Some customers can be demanding, but within reason. These customers however make some requests that go beyond demanding, beyond reasonable, beyond possible! These requests, like the customers, are crazy!

Pet Hate

| AZ, USA | Crazy Requests, Pets & Animals

(I work in a local branch of a pet supply store, and one day at the end of my shift a women comes in, and slams her purse down on the counter.)

Customer: “You don’t have [Product]! This is unacceptable!”

Coworker: “I’m sorry, ma’am. Unfortunately that’s due to the supplier and—”

Customer: “If they die I’m blaming you!”

Coworker: “You would certainly be able to find some at [Other Pet Store, not too far away].”

Customer: “I don’t want to go to f****** [Other Pet Store]! I’m going to sue you!” *throws her empty container at my coworker, then storms out*

Coworker: “Well. First customer of the day. It’s gonna be a good one…”

Me: “Here, have some candy.”

A Stitch In Time

| Trondheim, Norway | Crazy Requests, Pets & Animals, Time

(I`m a veterinary nurse, and answering phones on a Tuesday.)

Me: ¨Hello, [Clinic].

Caller: ¨Hello, I have an appointment at four on Thursday to remove stitches on my dog, and I want to change it to tomorrow at the same time.¨

Me: “Sure, let me just check if we have an appointment available at four tomorrow.¨

(I check and see that we don’t have any available at four, but that we may squeeze him in with another appointment about 30 minutes later, if he insists.)
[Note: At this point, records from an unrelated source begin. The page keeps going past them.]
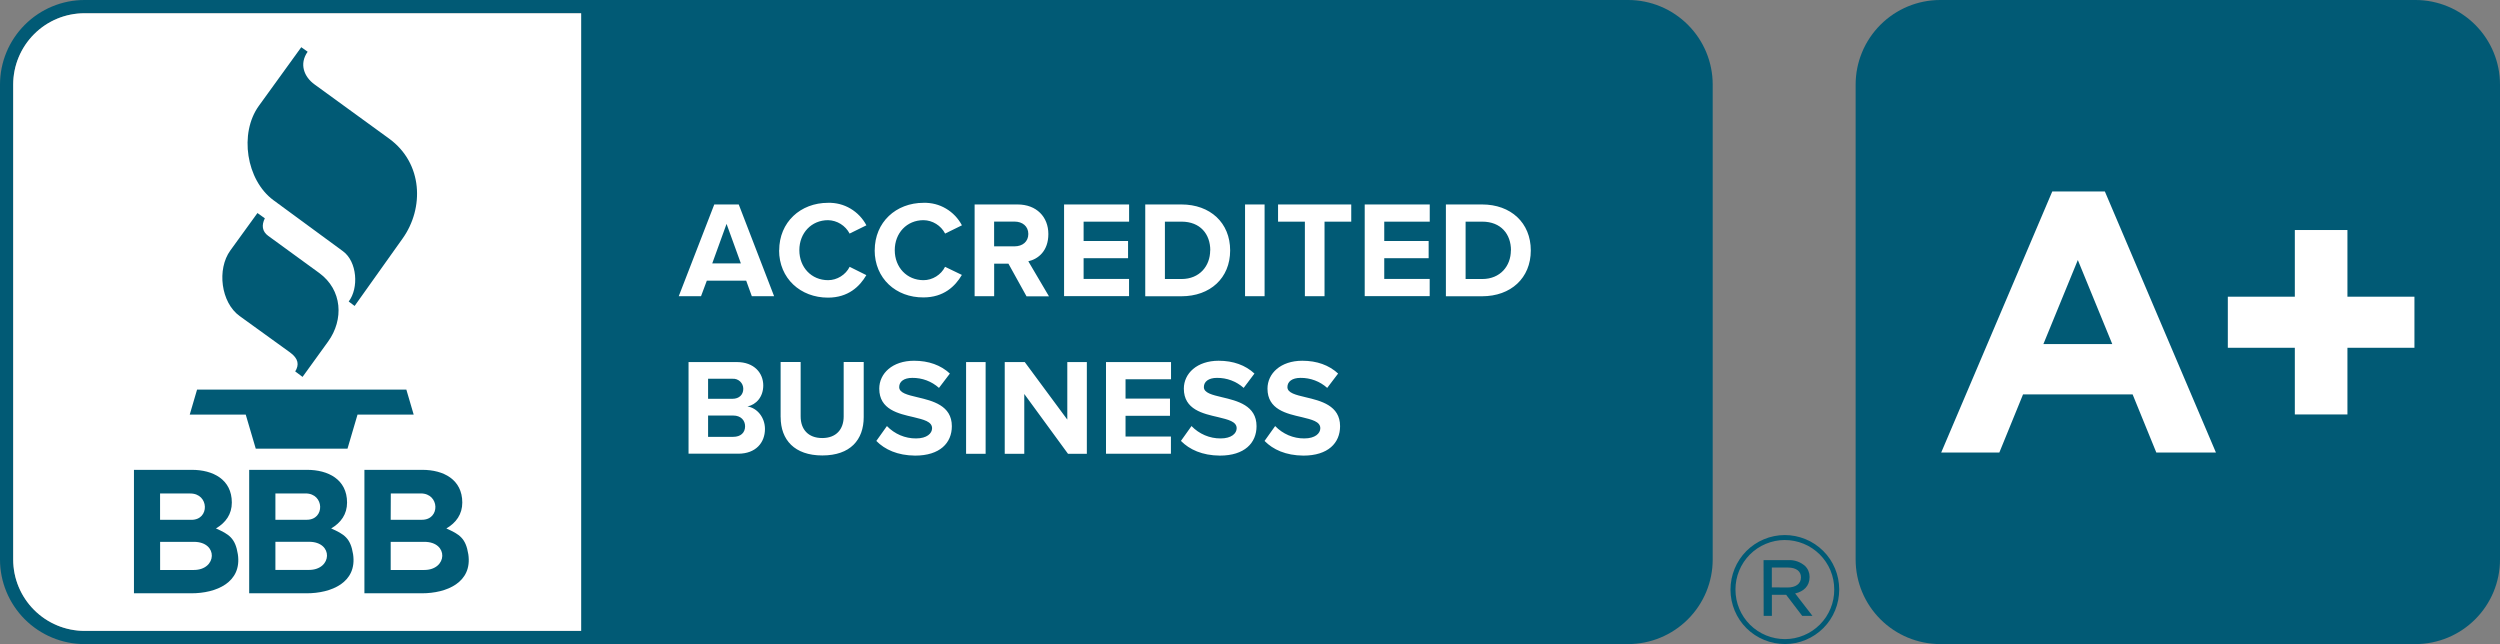<?xml version="1.0" encoding="UTF-8"?>
<svg xmlns="http://www.w3.org/2000/svg" id="Layer_1" data-name="Layer 1" viewBox="0 0 456.69 117.66">
  <rect x="0" y="0" width="456.69" height="117.66" fill="#808080" stroke="none"/>
  <defs>
    <style>
      .cls-1 {
        fill: none;
      }

      .cls-1, .cls-2, .cls-3, .cls-4 {
        stroke-width: 0px;
      }

      .cls-2 {
        fill-rule: evenodd;
      }

      .cls-2, .cls-3 {
        fill: #015a75;
      }

      .cls-4 {
        fill: #fff;
      }
    </style>
  </defs>
  <g>
    <path class="cls-3" d="M335.98,107.7c0,2.63-1.03,5.16-2.89,7.03-1.86,1.86-4.38,2.92-7.01,2.92-2.63,0-5.16-1.03-7.03-2.88-1.87-1.86-2.92-4.38-2.93-7.02v-.05c0-2.63,1.04-5.16,2.89-7.03,1.86-1.86,4.38-2.92,7.01-2.93,2.64,0,5.16,1.04,7.03,2.89,1.87,1.86,2.92,4.38,2.93,7.01v.06ZM334.4,111.15c.45-1.09.68-2.27.67-3.45v-.06c0-1.18-.24-2.35-.69-3.45-.46-1.09-1.13-2.08-1.97-2.92-.84-.83-1.84-1.49-2.93-1.94-1.1-.45-2.27-.68-3.46-.68s-2.35.24-3.45.7c-1.09.45-2.08,1.12-2.92,1.96-.83.84-1.5,1.84-1.94,2.93-.46,1.1-.68,2.27-.68,3.46v.05c0,1.19.24,2.36.7,3.46.45,1.09,1.12,2.08,1.96,2.92.84.83,1.84,1.49,2.93,1.94,1.1.45,2.27.68,3.46.68s2.36-.24,3.45-.7c1.09-.45,2.08-1.12,2.92-1.96s1.5-1.84,1.95-2.94Z"></path>
    <path class="cls-3" d="M327.93,108.41l3.16,4.09h-1.87l-2.93-3.84h-2.61v3.84h-1.5l-.02-10.18h4.57c1.1-.05,2.19.34,3.01,1.07.27.26.48.57.62.91s.21.7.21,1.07v.05c0,1.65-1.1,2.64-2.64,2.99ZM328.99,105.49v-.06c0-1.07-.88-1.75-2.34-1.75h-2.98v3.62l2.9.02c1.43,0,2.42-.66,2.42-1.83Z"></path>
    <path class="cls-3" d="M108.62,0v117.66H15.44c-4.09,0-8.02-1.64-10.91-4.53S0,106.31,0,102.21V15.45C0,11.36,1.63,7.43,4.53,4.53S11.35,0,15.44,0h93.18ZM106.2,115.25V2.42H15.44c-3.45,0-6.77,1.37-9.21,3.82-2.44,2.44-3.82,5.76-3.82,9.21v86.76c0,3.46,1.38,6.77,3.82,9.21,2.44,2.45,5.76,3.82,9.21,3.83h90.76Z"></path>
    <path class="cls-4" d="M106.2,2.42v112.83H15.44c-3.45-.01-6.77-1.38-9.21-3.83-2.44-2.44-3.82-5.75-3.82-9.21V15.45c0-3.45,1.38-6.77,3.82-9.21,2.44-2.45,5.76-3.82,9.21-3.82h90.76Z"></path>
  </g>
  <path class="cls-3" d="M311.66,102.21V15.45c0-3.78-1.5-7.4-4.17-10.07-2.67-2.67-6.29-4.17-10.07-4.17H107.41v115.24h190.01c3.78,0,7.4-1.5,10.07-4.17,2.67-2.67,4.17-6.29,4.17-10.07h0Z"></path>
  <path class="cls-3" d="M297.42,117.66H106.21V0h191.21c4.1,0,8.02,1.63,10.92,4.53,2.9,2.9,4.53,6.82,4.53,10.92v86.76c0,4.1-1.63,8.02-4.53,10.92-2.9,2.9-6.82,4.52-10.92,4.53h0ZM108.62,115.24h188.8c3.46,0,6.77-1.38,9.21-3.82,2.44-2.44,3.82-5.76,3.82-9.21V15.45c0-3.46-1.38-6.77-3.82-9.21-2.44-2.44-5.76-3.82-9.21-3.82H108.62v112.83Z"></path>
  <path class="cls-2" d="M47.05,38.89l-4.97,6.86c-2.49,3.43-1.72,9.51,1.68,11.97l9.21,6.65c1.58,1.14,1.7,2.29.96,3.48l1.34,1,4.67-6.46c2.88-3.99,2.63-9.43-1.65-12.54l-9.3-6.77c-1.11-.81-1.23-1.94-.61-3.2l-1.34-.96h0ZM55.03,8.63l-7.74,10.7c-3.63,5.02-2.31,13.57,2.65,17.23l12.72,9.34c2.58,1.89,2.92,6.71,1.04,9.18l1.08.81,8.78-12.34c3.94-5.54,3.71-13.73-2.48-18.23l-13.61-9.89c-1.91-1.37-2.86-3.73-1.27-5.98l-1.17-.83h0ZM34.64,75.74h10.25l1.83,6.22h16.76l1.83-6.22h10.26l-1.34-4.57h-38.23l-1.34,4.57ZM39.44,96.54c1.8-1.06,2.91-2.61,2.91-4.73,0-4.25-3.48-5.98-7.28-5.98h-10.6v22.55h10.51c4.49,0,9.24-1.96,8.47-7.13-.46-2.96-1.63-3.66-4.01-4.72h0ZM29.25,90.15h5.52c3.44,0,3.57,4.81.21,4.81h-5.74v-4.81ZM35.41,104.12h-6.16v-5.14h6.16c4.52,0,4.24,5.14,0,5.14ZM60.49,96.54c1.8-1.06,2.91-2.61,2.91-4.73,0-4.25-3.48-5.98-7.28-5.98h-10.6v22.55h10.51c4.48,0,9.24-1.96,8.47-7.13-.46-2.96-1.63-3.66-4.01-4.72h0ZM50.32,90.14h5.51c3.44,0,3.57,4.81.21,4.81h-5.73v-4.81ZM56.46,104.11h-6.15v-5.14h6.14c4.52,0,4.24,5.14,0,5.14h0ZM85.55,101.26c-.46-2.96-1.63-3.66-4.01-4.72,1.8-1.06,2.91-2.61,2.91-4.73,0-4.25-3.48-5.98-7.28-5.98h-10.6v22.55h10.51c4.48,0,9.24-1.96,8.47-7.13h0ZM71.39,90.14h5.49c3.44,0,3.57,4.81.21,4.81h-5.72l.02-4.81ZM77.53,104.12h-6.16v-5.14h6.14c4.52,0,4.24,5.14,0,5.14h.02Z"></path>
  <path class="cls-4" d="M137.34,54.11l-1.03-2.84h-7.19l-1.06,2.84h-4.07l6.49-16.76h4.47l6.46,16.76h-4.07ZM132.72,40.91l-2.61,7.21h5.23l-2.61-7.21ZM142.34,45.73c0-5.15,3.89-8.68,8.92-8.68,1.44-.04,2.86.32,4.09,1.05,1.24.73,2.25,1.79,2.92,3.06l-3.07,1.51c-.37-.72-.94-1.33-1.63-1.76-.69-.43-1.48-.67-2.3-.69-3.04,0-5.25,2.34-5.25,5.48s2.21,5.48,5.25,5.48c.82,0,1.62-.24,2.31-.67.7-.43,1.26-1.04,1.63-1.77l3.05,1.52c-1.21,2.08-3.32,4.11-7.01,4.11-5.01,0-8.93-3.5-8.93-8.66h0ZM159.79,45.73c0-5.15,3.89-8.68,8.92-8.68,1.44-.04,2.86.32,4.09,1.05,1.24.73,2.25,1.79,2.92,3.06l-3.07,1.51c-.38-.73-.94-1.34-1.64-1.77-.69-.43-1.49-.67-2.31-.68-3.04,0-5.25,2.34-5.25,5.48s2.21,5.48,5.25,5.48c.82,0,1.62-.24,2.31-.67.7-.43,1.26-1.04,1.63-1.77l3.07,1.48c-1.21,2.08-3.32,4.11-7.01,4.11-5.02.04-8.92-3.46-8.92-8.62ZM187.51,54.11l-3.29-5.94h-2.61v5.94h-3.57v-16.76h7.84c3.49,0,5.63,2.29,5.63,5.4s-1.86,4.57-3.66,4.98l3.77,6.4h-4.11ZM187.85,42.74c0-1.41-1.08-2.26-2.51-2.26h-3.74v4.52h3.74c1.45,0,2.51-.85,2.51-2.26ZM194.38,54.11v-16.76h11.88v3.14h-8.31v3.54h8.12v3.14h-8.12v3.79h8.3v3.14h-11.87ZM209.21,54.11v-16.76h6.61c5.25,0,8.9,3.34,8.9,8.4s-3.66,8.37-8.9,8.37h-6.61ZM221.09,45.74c0-2.97-1.83-5.25-5.25-5.25h-3.04v10.48h3.04c3.3,0,5.23-2.39,5.23-5.23h.02ZM227.44,54.11v-16.76h3.57v16.76h-3.57ZM238.37,54.11v-13.62h-4.9v-3.14h13.37v3.14h-4.88v13.62h-3.59ZM249.3,54.11v-16.76h11.88v3.14h-8.31v3.54h8.11v3.14h-8.11v3.79h8.3v3.14h-11.87ZM264.13,54.11v-16.76h6.61c5.25,0,8.9,3.34,8.9,8.4s-3.66,8.37-8.9,8.37h-6.61ZM276.02,45.74c0-2.97-1.83-5.25-5.25-5.25h-3.04v10.48h3.04c3.3,0,5.23-2.39,5.23-5.23h.02ZM125.78,82.9v-16.76h8.82c3.2,0,4.83,2.03,4.83,4.27,0,2.11-1.31,3.52-2.89,3.84,1.78.27,3.2,2.01,3.2,4.11,0,2.51-1.68,4.52-4.88,4.52h-9.08ZM135.78,71.02c0-.25-.05-.5-.15-.73-.1-.23-.25-.44-.43-.61-.18-.17-.4-.3-.64-.39-.24-.08-.49-.12-.74-.1h-4.47v3.66h4.47c1.2,0,1.96-.75,1.96-1.81v-.02ZM136.11,77.87c0-1.06-.75-1.96-2.16-1.96h-4.6v3.89h4.6c1.34,0,2.16-.74,2.16-1.93h0ZM142.6,76.21v-10.08h3.66v9.95c0,2.34,1.37,3.94,3.94,3.94s3.92-1.61,3.92-3.94v-9.95h3.66v10.06c0,4.17-2.46,7.01-7.56,7.01s-7.61-2.87-7.61-6.99h0ZM160.09,80.54l1.93-2.71c.69.72,1.52,1.29,2.43,1.68.92.39,1.9.59,2.9.58,1.96,0,2.92-.91,2.92-1.86,0-1.23-1.56-1.58-3.39-2.03-2.74-.63-6.26-1.37-6.26-5.2,0-2.79,2.41-5.1,6.36-5.1,2.66,0,4.88.8,6.54,2.34l-1.99,2.62c-1.34-1.2-3.08-1.85-4.88-1.83-1.53,0-2.39.68-2.39,1.68,0,1.08,1.53,1.43,3.34,1.86,2.74.65,6.28,1.49,6.28,5.28,0,3.07-2.18,5.38-6.71,5.38-3.22-.03-5.53-1.1-7.09-2.68h0ZM176.48,82.9v-16.76h3.57v16.76h-3.57ZM195.1,82.9l-7.99-10.93v10.93h-3.57v-16.76h3.66l7.77,10.51v-10.51h3.57v16.76h-3.43ZM202.04,82.9v-16.76h11.88v3.14h-8.31v3.54h8.12v3.14h-8.12v3.79h8.29v3.14h-11.86ZM215.73,80.54l1.93-2.71c.69.72,1.52,1.29,2.43,1.68.92.39,1.9.59,2.9.58,1.96,0,2.92-.91,2.92-1.86,0-1.23-1.56-1.58-3.39-2.03-2.74-.63-6.26-1.37-6.26-5.2,0-2.79,2.41-5.1,6.36-5.1,2.66,0,4.88.8,6.54,2.34l-1.97,2.62c-1.34-1.2-3.08-1.85-4.88-1.83-1.53,0-2.39.68-2.39,1.68,0,1.08,1.54,1.43,3.34,1.86,2.74.65,6.28,1.49,6.28,5.28,0,3.07-2.18,5.38-6.71,5.38-3.22-.03-5.53-1.1-7.1-2.68h0ZM231.01,80.54l1.93-2.71c.69.72,1.52,1.29,2.43,1.68.92.39,1.9.59,2.9.58,1.96,0,2.92-.91,2.92-1.86,0-1.23-1.56-1.58-3.39-2.03-2.74-.63-6.26-1.37-6.26-5.2,0-2.79,2.41-5.1,6.36-5.1,2.66,0,4.88.8,6.54,2.34l-1.99,2.62c-1.34-1.2-3.08-1.85-4.88-1.83-1.53,0-2.39.68-2.39,1.68,0,1.08,1.54,1.43,3.34,1.86,2.74.65,6.28,1.49,6.28,5.28,0,3.07-2.18,5.38-6.71,5.38-3.22-.03-5.53-1.1-7.09-2.68h0Z"></path>
  <rect id="SVGID" class="cls-1" y="0" width="335.98" height="117.66"></rect>
  <path class="cls-3" d="M452.16,4.53c-2.9-2.9-6.82-4.53-10.92-4.53h-86.81c-4.1,0-8.02,1.63-10.92,4.53-2.9,2.9-4.53,6.82-4.53,10.92v86.76c0,4.1,1.63,8.02,4.53,10.92,2.9,2.9,6.82,4.52,10.92,4.53h86.81c4.1,0,8.02-1.63,10.92-4.53,2.9-2.9,4.53-6.82,4.53-10.92V15.45c0-4.1-1.63-8.02-4.53-10.92Z"></path>
  <g>
    <path class="cls-4" d="M374.9,34.98h9.61l20.29,47.69h-10.89l-4.33-10.62h-20.02l-4.33,10.62h-10.62l20.29-47.69ZM385.86,62.85l-6.29-15.35-6.29,15.35h12.58Z"></path>
    <path class="cls-4" d="M419.21,63.53h-12.24v-9.33h12.24v-12.18h9.61v12.18h12.24v9.33h-12.24v12.18h-9.61v-12.18Z"></path>
  </g>
</svg>

Me: “I’m sorry, but it seems we don’t have any available at that time.¨

Caller: ¨No, I have to do it tomorrow! The operation cost me 10000kr -” *about $1206* “- and I demand to get an appointment at four! I`m a doctor and this is unacceptable! I’m going out of town and I’m a doctor so I know this can’t wait!¨

Me: ¨I`m really sorry, but we don’t have any appointment available at that time. If you want, I can check with the vet if it’s okay to squeeze you in with another appointment about 30 minutes later.¨

Caller: ¨NO! I demand an appointment at four! I paid so much for this operation that i should get an appointment when it fits ME!”

Me: ¨As I said, I can check with the vet if it’s okay for her that we try to fit you in. Let me just put you on hold for a sec.¨

Caller: *Interrupts me as I’m about to ask the vet* ¨NO! I demand to get an appointment at four tomorrow, and I will be there at that time! Good bye!¨ *click*

(He shows up at four the next day, and after waiting for about five minutes, getting more and more annoyed for every minute passing, he then walks up to the reception, where I’m sitting.)

Customer/Caller: ¨Why is it taking so long! I had an appointment at four!”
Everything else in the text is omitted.